The trend of increasing cervical spine multidirectional computed tomography (MDCT) imaging of pediatric trauma patients is characteristic of the overall dramatic increase in computed tomography utilization in the United States. The purpose of this study is to compare the amount of radiation a pediatric trauma patient absorbs to the thyroid from plain radiographs and MDCT of the cervical spine and to express risk by calculation of theoretical thyroid cancer induction.


A retrospective evaluation of pediatric trauma patients admitted from October 1, 2004, to October 31, 2009, was performed at an academic, Level I trauma center. Inclusion criteria were Level I/II trauma patients, cervical spine imaging performed at our institution, and age <18 years. Absorbed thyroid radiation was calculated for patients receiving plain radiographs or MDCT. Thyroid cancer risk was calculated using the 2006 Biological Effects on Ionizing Radiation VII report.
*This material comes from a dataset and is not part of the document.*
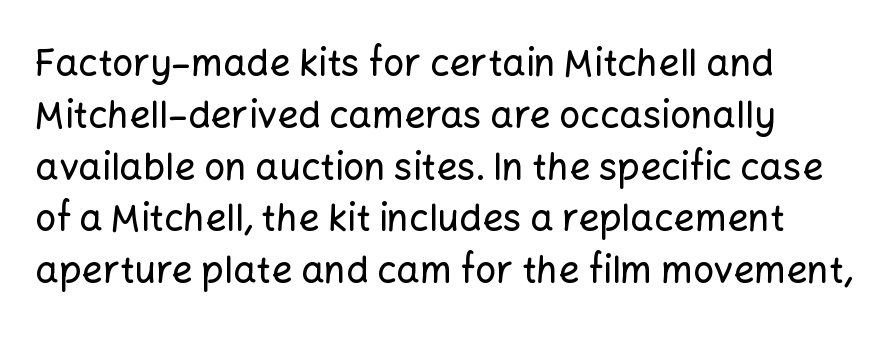
Stroke terminals: plain, sans-serif. Has an underline been added? It has not. Casual observation: everything's shoved over to the left. Each letter keeps its own natural width here, so spacing adapts to shape. Letter spacing: default.
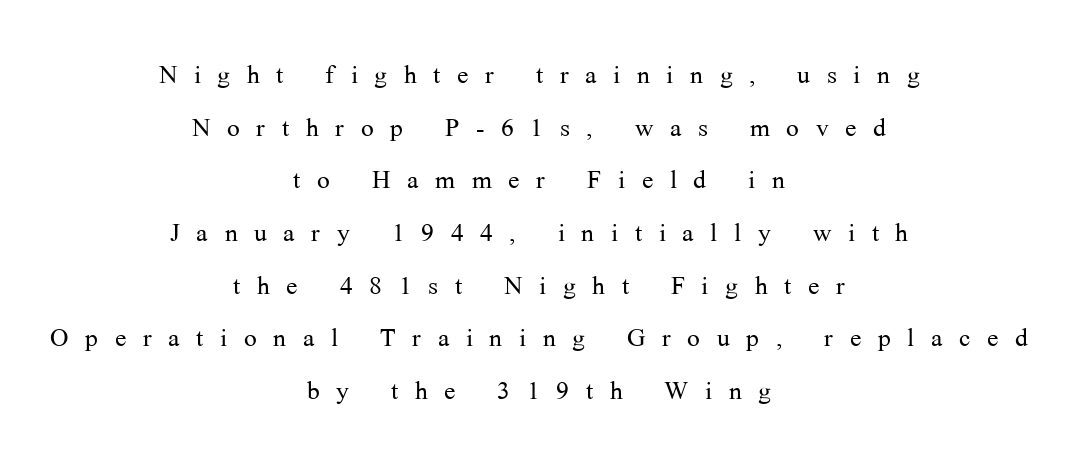
Students, note that the glyphs here are deliberately spaced far apart. Is this a heavy cut? Hardly; it is regular or lighter. You can tell from the footed stems that serif type was used. Does the lettering tilt? It doesn't — this is upright.

Six hundred seventeen patients met inclusion criteria: 224 received cervical spine radiographs and 393 received cervical spine MDCT. The mean thyroid radiation absorbed from radiographs was 0.90 mGy for males and 0.96 mGy for females compared with 63.6 mGy (males) and 64.2 mGy (females) receiving MDCT (p < 0.001). The median excess relative risk of thyroid cancer induction from one cervical spine MDCT in males was 13.0% and females was 25.0%, compared with 0.24% (males) and 0.51% (females) for radiographs (p < 0.001).


The significant difference in radiation that MDCT delivers to the pediatric trauma patient when compared with plain radiographs should temper routine use of computed tomography in pediatric cervical spine clearance algorithms.